The dataset contains 2661 cell nuclei of 37 fluorescence microscopy images. The cells were taken from the Huh7 and HepG2 liver cancer cell lines and stained with nuclear Hoechst 33258. Their images were digitized at 20x microscope objective lens and pixel resolution was 768×1024. The nuclei in these images were manually annotated by our biologist collaborator. Original RGB images are stored in images folder and files storing annotated cells are in annotations folder. In an annotation file, cells are labeled starting from 1, which is the label of the top-left cell. Name of annotation files are compatible with its corresponding original image, which means that the annotation file named as 1 stores annotation of cells in the image 1.jpg.
The images are numbered starting from 1. The first 25 images belong to the Hepg2 cell line. The rest belong to the Huh7 cell line.
We split the dataset into two sets, training and test sets. To have a fair benchmarking, you may want to use the same training and test sets. Below, you can find the images used for training and test sets, seperately.
-
Training set:
- Hepg2 -> 1, 3, 7, 15, 23
- Huh7 -> 27, 28, 33, 35, 39
-
Test set:
- Hepg2 -> 2, 4, 5, 6, 11, 12, 13, 14, 16, 17, 18, 19, 20, 21, 24, 25
- Huh7 -> 26, 29, 30, 31, 32, 34, 36, 37, 38, 40, 41
We use 785 nuclei of ten randomly selected images (five Huh7 and five HepG2 cell line images) in the training set, on which the model parameters are estimated. The nuclei in the remaining 27 images are used for testing. HepG2 cells tend to grow in more overlayers than Huh7 cells. This leads to more overlapping nuclei in the images of the HepG2 cell line. Thus, we separately test our algorithm for these cell lines. The Huh7 cell line test set includes 891 nuclei of 11 images and the HepG2 cell line test set includes 985 nuclei of 16 images.

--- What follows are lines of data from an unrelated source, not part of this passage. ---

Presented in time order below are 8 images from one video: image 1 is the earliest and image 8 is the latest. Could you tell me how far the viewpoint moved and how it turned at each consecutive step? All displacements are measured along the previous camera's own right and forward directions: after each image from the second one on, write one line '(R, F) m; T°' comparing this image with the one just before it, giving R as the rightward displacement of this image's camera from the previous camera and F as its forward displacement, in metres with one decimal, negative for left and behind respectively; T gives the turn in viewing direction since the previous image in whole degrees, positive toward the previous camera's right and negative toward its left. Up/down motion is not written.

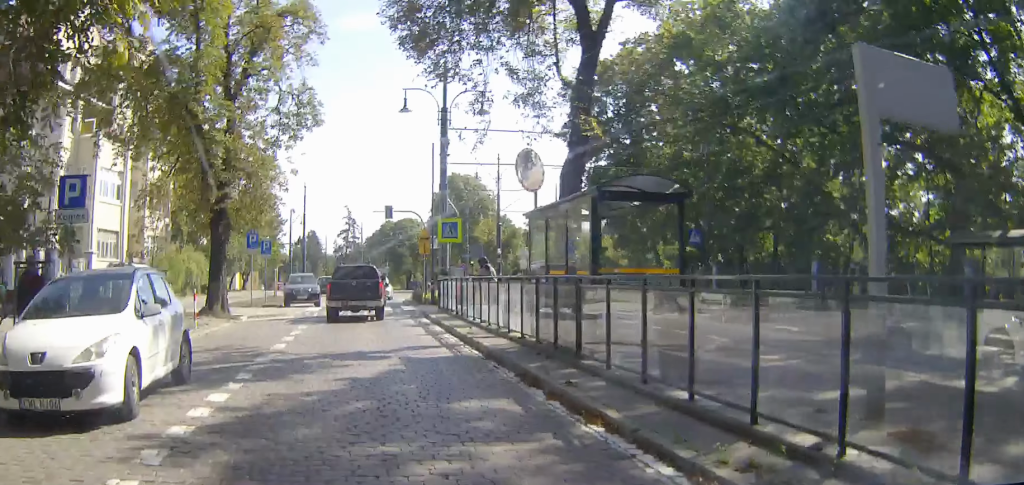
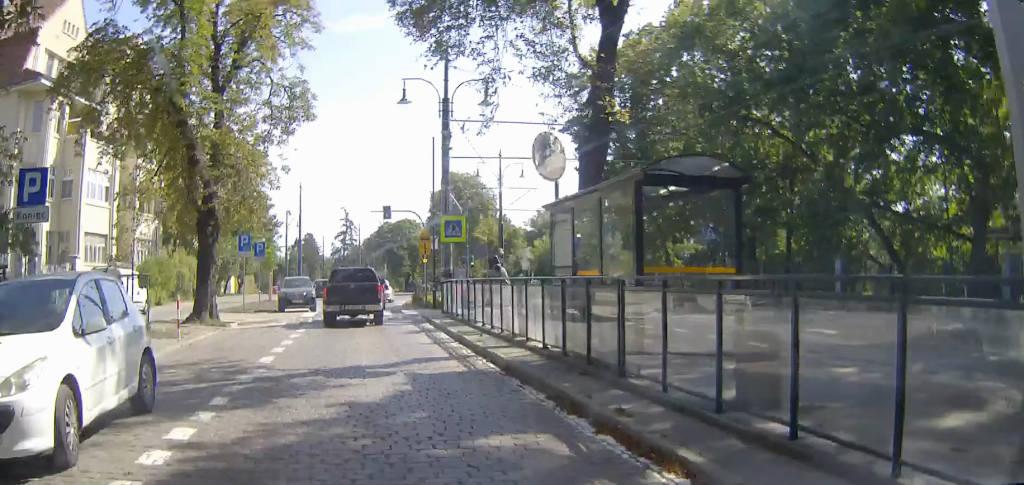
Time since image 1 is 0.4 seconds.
(0.0, +2.1) m; -1°
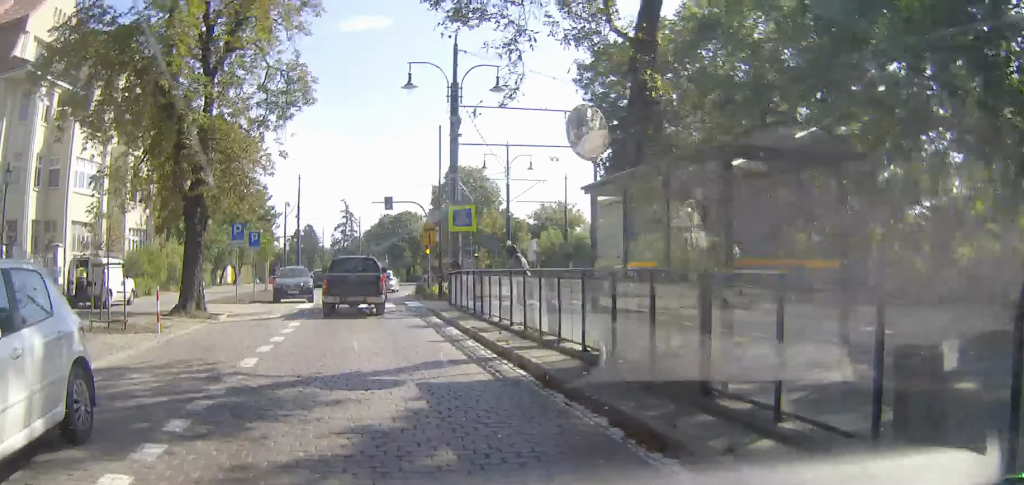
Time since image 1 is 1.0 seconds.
(+0.1, +2.6) m; -1°
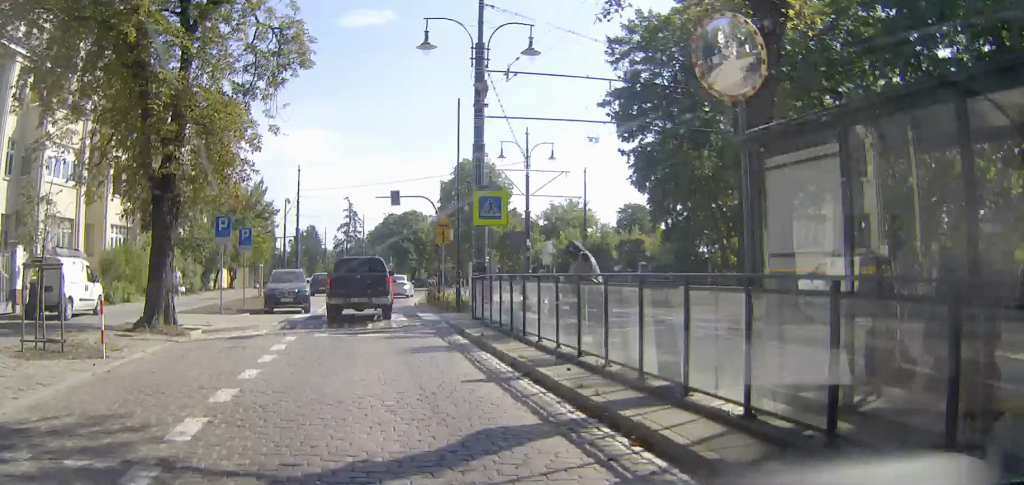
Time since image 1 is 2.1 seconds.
(-0.3, +5.0) m; -4°
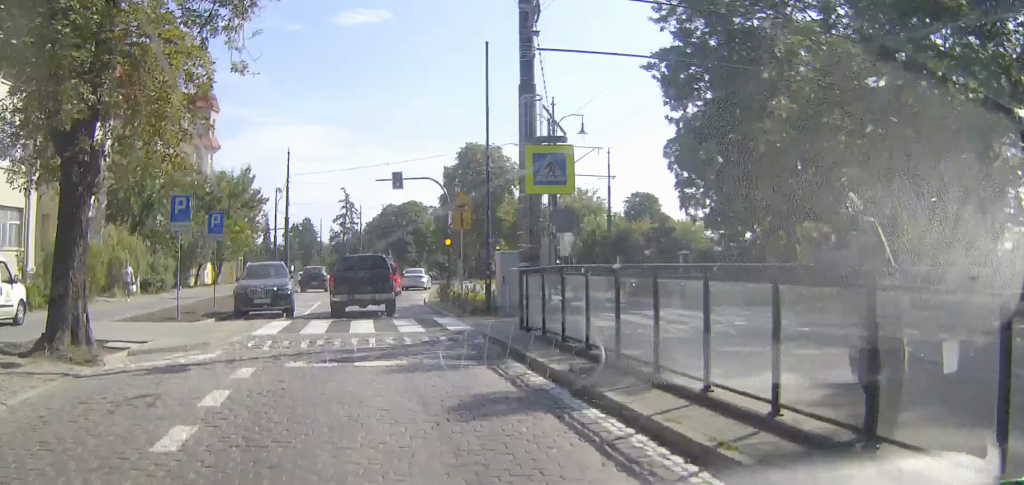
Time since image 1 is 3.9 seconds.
(-0.1, +7.3) m; -1°
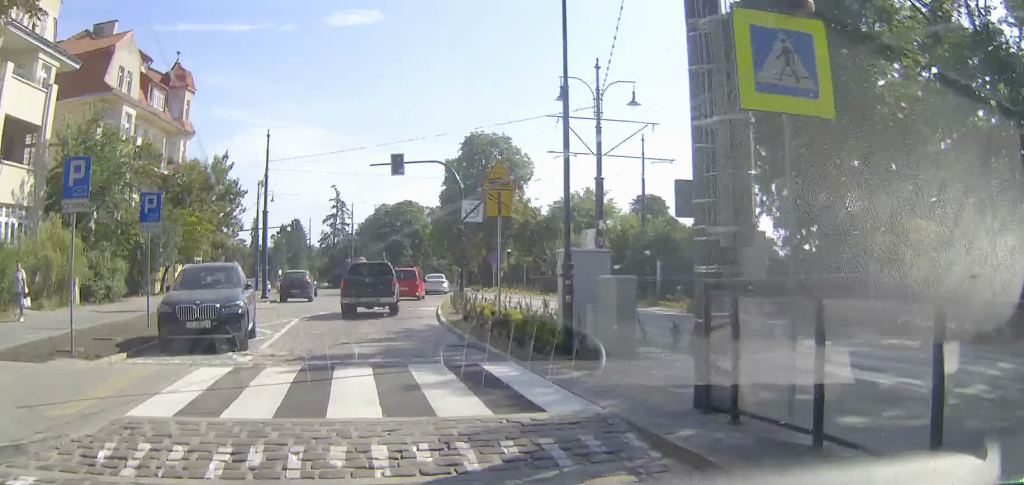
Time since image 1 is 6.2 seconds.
(+0.1, +8.7) m; +2°
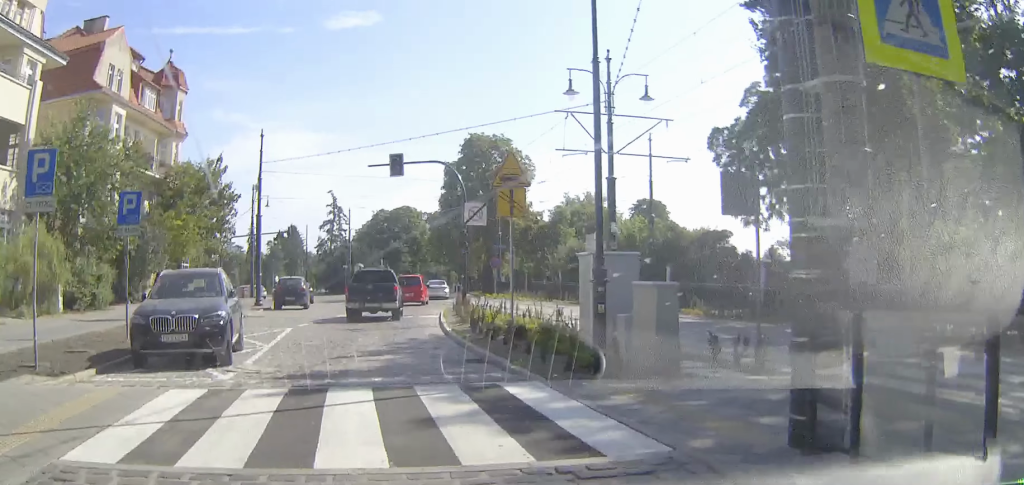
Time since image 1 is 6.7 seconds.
(0.0, +1.8) m; 0°
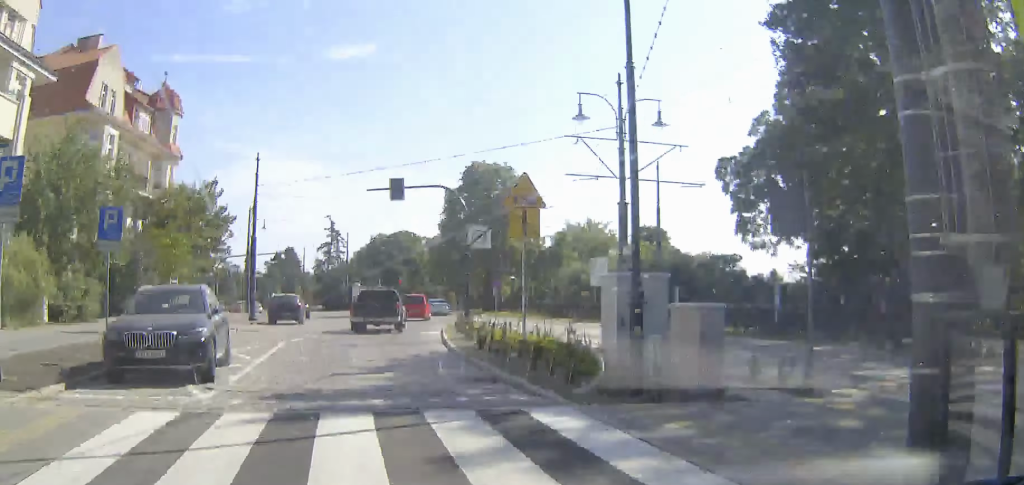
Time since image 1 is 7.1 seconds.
(0.0, +1.6) m; 0°
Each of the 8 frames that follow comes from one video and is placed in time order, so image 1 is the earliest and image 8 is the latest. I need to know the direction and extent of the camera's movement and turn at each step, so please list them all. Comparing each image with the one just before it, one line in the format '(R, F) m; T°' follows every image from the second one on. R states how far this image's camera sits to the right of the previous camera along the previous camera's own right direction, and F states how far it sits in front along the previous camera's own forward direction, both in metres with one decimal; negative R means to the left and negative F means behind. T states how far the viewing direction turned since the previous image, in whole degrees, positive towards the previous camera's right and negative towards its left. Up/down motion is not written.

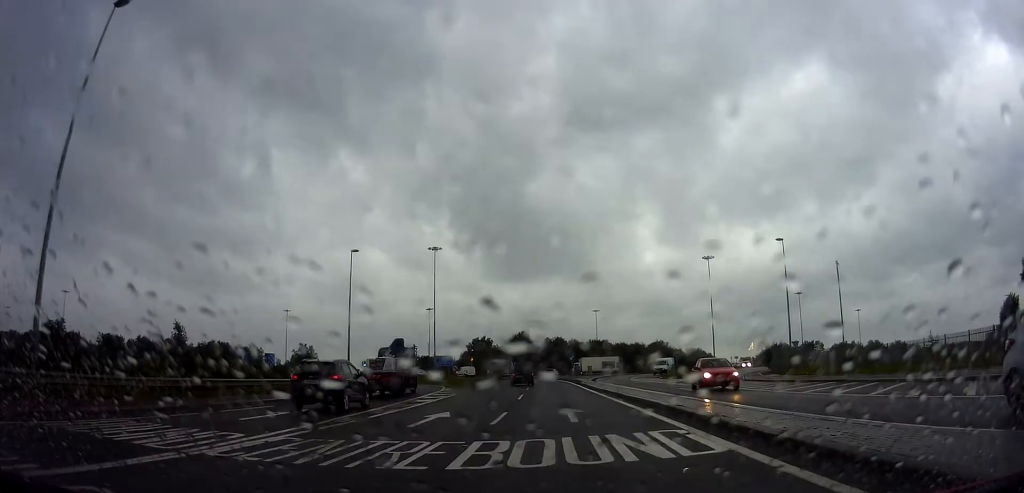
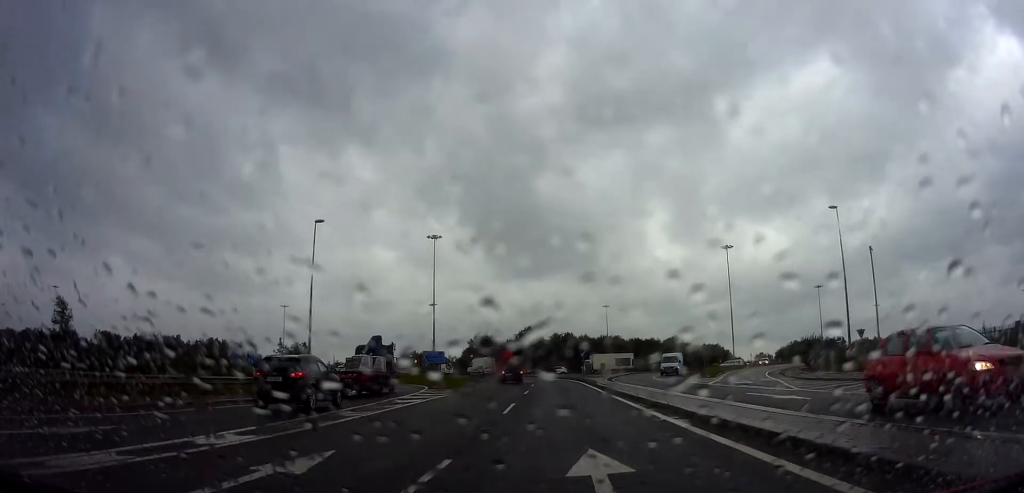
(+0.2, +9.3) m; 0°
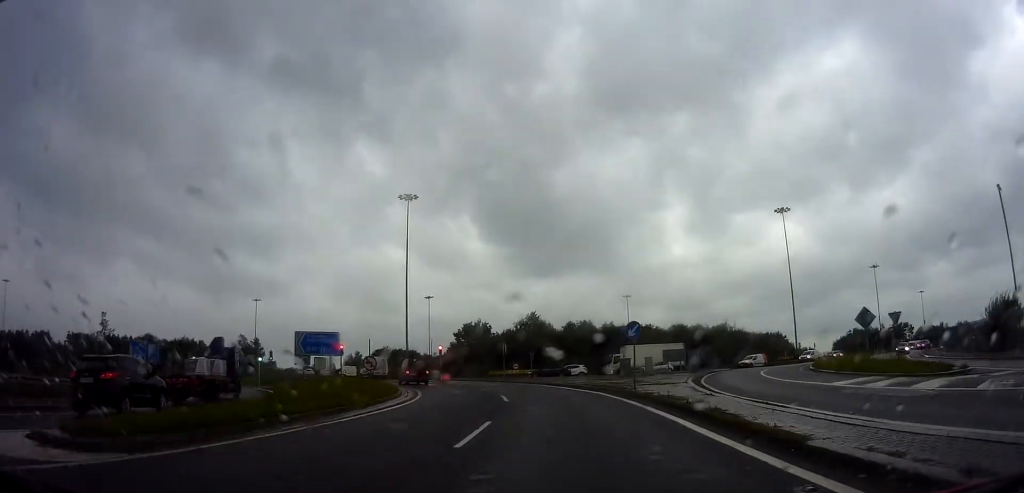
(-0.7, +30.7) m; -1°
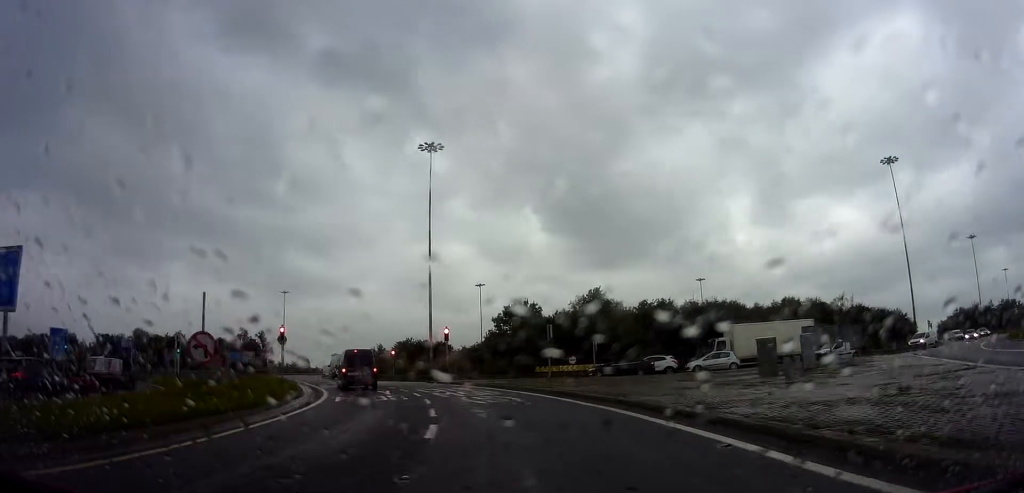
(-0.7, +22.2) m; -7°
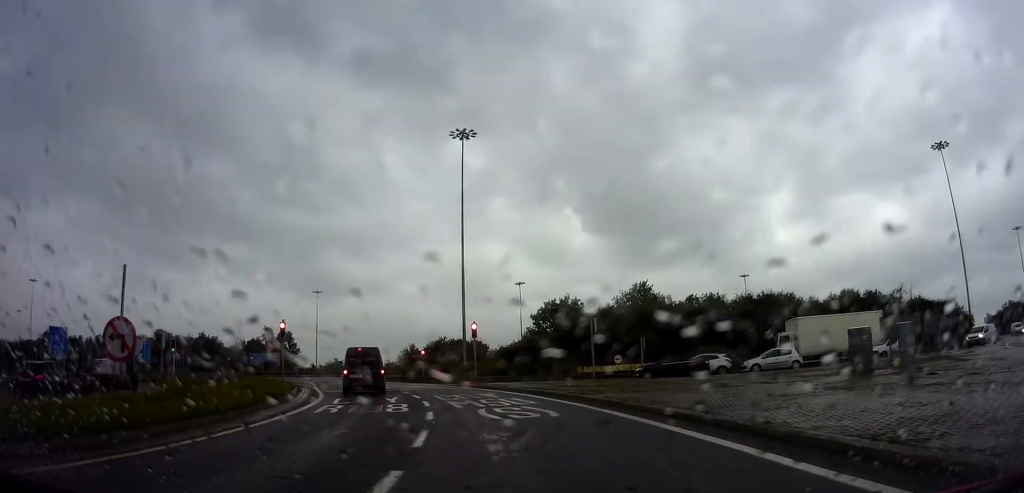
(-0.3, +5.4) m; -4°
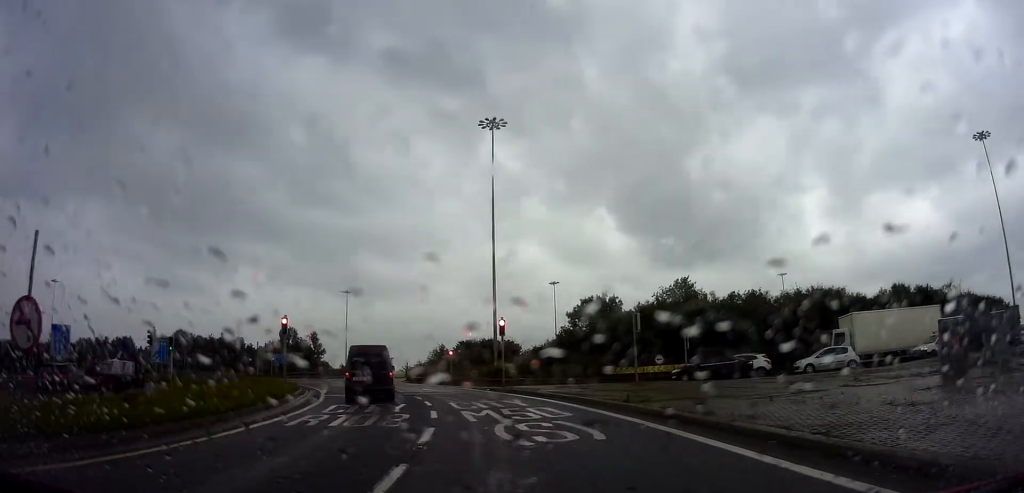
(-0.3, +4.1) m; -3°
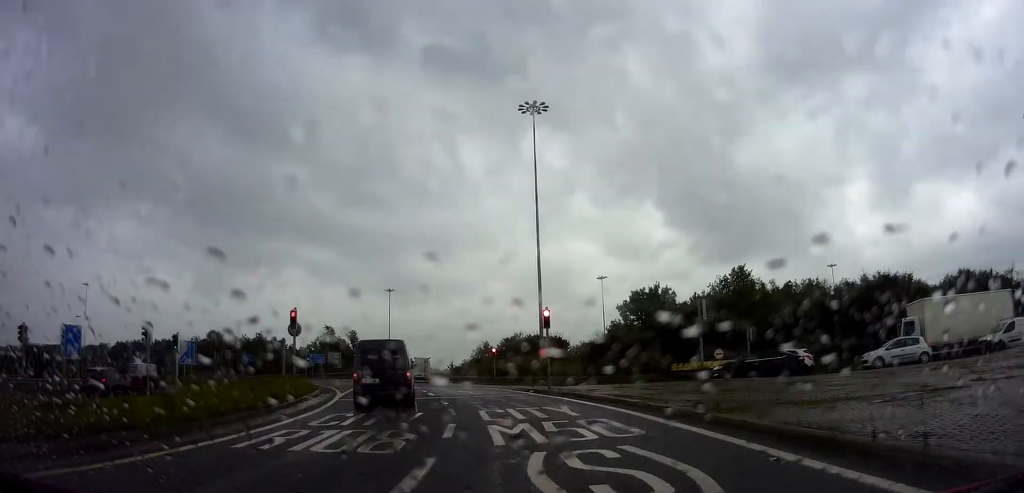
(-0.1, +4.4) m; -5°
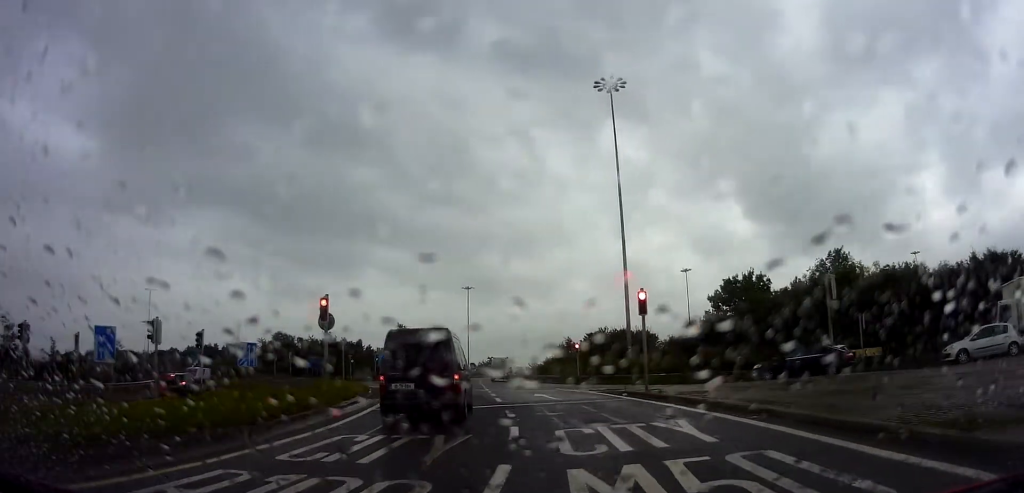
(-0.2, +6.1) m; -8°

It is made publicly available in the hope of accelerating microscopic image analysis research. For further information please contact Cigdem Gunduz-Demir via email gunduz@cs.bilkent.edu.tr.
You can find the publications published by our group which use this dataset for experimental analysis:
[1] C.F. Koyuncu, R. Cetin-Atalay, and C. Gunduz-Demir, "Object Oriented Segmentation of Cell Nuclei in Fluorescence Microscopy Images," Cytometry: Part A (in revision).
[2] C.F. Koyuncu, A. Akhan, T. Ersahin, R. Cetin-Atalay, and C. Gunduz-Demir, "Iterative h-minima based marker-controlled watershed for cell nucleus segmentation," Cytometry: Part A, 89A:338-249, 2016.
[3] S. Arslan, T. Ersahin, R. Cetin-Atalay, and C. Gunduz-Demir, "Attributed relational graphs for cell nucleus segmentation in fluorescence microscopy images," IEEE Transactions on Medical Imaging, 32(6):1121-1131, 2013.
If you use this dataset in your research papers, please refer one of the articles mentioned above.